The FDA on Monday proposed that vaccination against Covid be recommended on a yearly basis, like the annual flu shot.
Most Americans, including adults and children, could receive one shot a year, eliminating the need for multiple doses and tracking months in between.
As the virus continues to mutate, FDA officials want to rollout an annual strategy in which an updated strain-specific vaccine is developed in the spring for fall rollout. The plan was outlined in a briefing document published Monday.
People who have some immunity from vaccination or previous infection would only need to receive one dose to maintain resilience against the virus. However, elderly or immunocompromised people may require an additional dose for extra protection. Young children who haven’t been exposed to the virus spike protein may also be urged to take two doses.
“This simplification of vaccine composition should reduce complexity, decrease vaccine administration errors due to the complexity of the number of different vial presentations, and potentially increase vaccine compliance by allowing clearer communication,” the FDA said.
The new vaccine plan comes before the FDA’s expert panel will decide Thursday whether Pfizer and Moderna’s bivalent vaccines, which target both the Omicron and the original variants, would be used for all Covid vaccine doses, and not just as boosters, Reuters noted.

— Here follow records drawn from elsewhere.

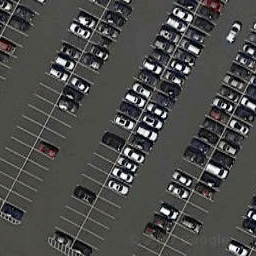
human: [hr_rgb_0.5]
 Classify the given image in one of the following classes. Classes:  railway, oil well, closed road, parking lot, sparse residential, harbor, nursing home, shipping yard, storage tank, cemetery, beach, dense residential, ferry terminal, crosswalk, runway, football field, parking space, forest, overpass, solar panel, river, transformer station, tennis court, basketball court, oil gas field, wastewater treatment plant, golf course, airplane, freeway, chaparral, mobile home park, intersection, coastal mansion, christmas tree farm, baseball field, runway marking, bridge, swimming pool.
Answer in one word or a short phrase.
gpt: parking lot
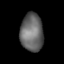
Tissue: lung
Cell type: Epithelial cells
Senescence score: 0.2412
Nuclear area (px): 845
Mean DAPI intensity: 103.108
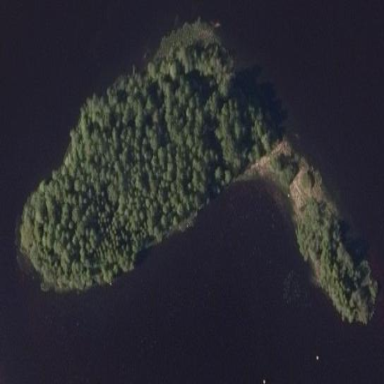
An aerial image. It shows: Island covered with woodland.
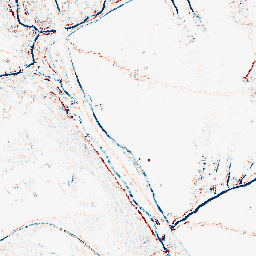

Currently, vaccine administration in the U.S. is involved and somewhat convoluted. People in the U.S. today must first receive one dose of the original Covid vaccine, wait at least about three to four weeks, and then receive a second dose. Individuals can then receive a booster shot a few months later.

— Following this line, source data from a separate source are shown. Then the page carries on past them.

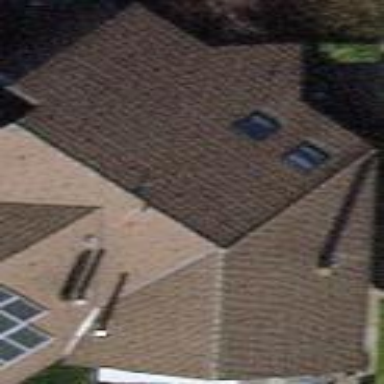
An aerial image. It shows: Semi-detached house.
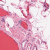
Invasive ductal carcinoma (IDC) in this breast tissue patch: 0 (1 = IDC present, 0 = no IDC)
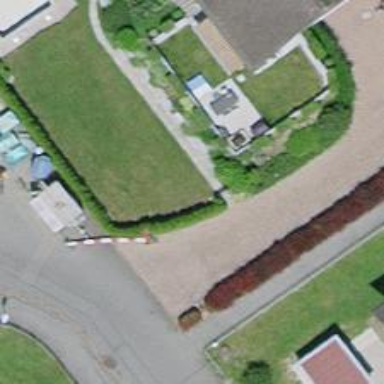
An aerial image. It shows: Hedge acting as barrier.
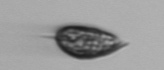
Label: Prorocentrum_triestinum
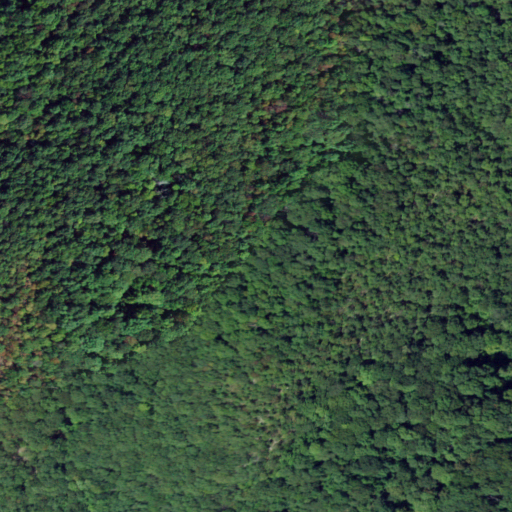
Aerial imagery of mountains in New Jersey named Sparta Mountains containing only deciduous forest
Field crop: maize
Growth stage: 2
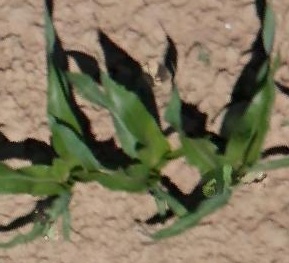
Species: maize
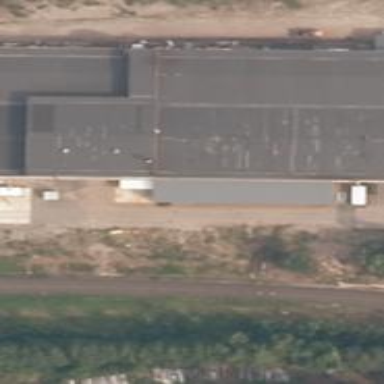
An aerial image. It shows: Industrial building.
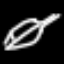
Label: leaf
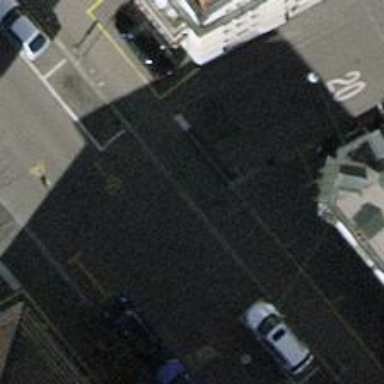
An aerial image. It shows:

While over 80 percent of the U.S. population has had at least one vaccine dose, booster uptake has been comparatively low. The FDA’s proposal is an attempt to streamline the process by combining primary and booster vaccinations into a single vaccine composition.

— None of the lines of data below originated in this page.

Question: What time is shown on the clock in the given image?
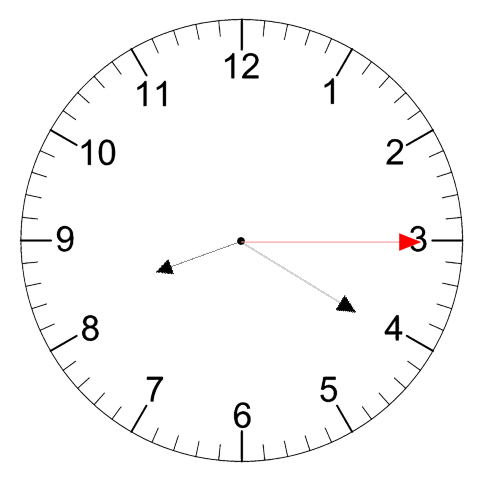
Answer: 08:20:15
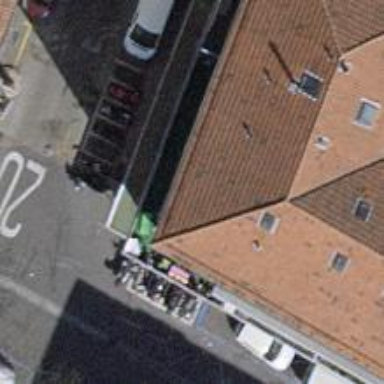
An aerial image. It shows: Restaurant.
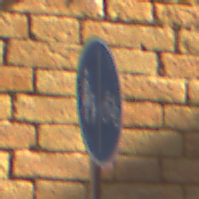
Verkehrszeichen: GetrennterRadUndGehwegRadwegRechts
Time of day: MorningAfternoon
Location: Outdoor (Urban)
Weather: Clear
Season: NotSpecified
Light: Natural
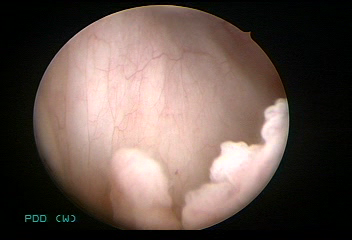
Modality: WLC
Class: Malignant
Subclass: HighGradePapillary
Lesion: L2
Stage: Ta
Morphology: Papillary
Bladder cancer association: Yes
Annotated structures: Tumor

The CDC also may release updates on Thursday about the investigation into the slightly elevated risk of stroke found in individuals aged 65 and older who received Pfizer’s bivalent Omicron booster. The agency’s Vaccine Safety Datalink identified a safety concern, although the other four major databases did not detect the signal. Pfizer and BioNTech later said in a statement that there is “no evidence to conclude that ischemic stroke is associated with the use of the companies’ COVID-19 vaccines,” noting the lack of similar findings on other monitoring systems in the U.S. and across the world.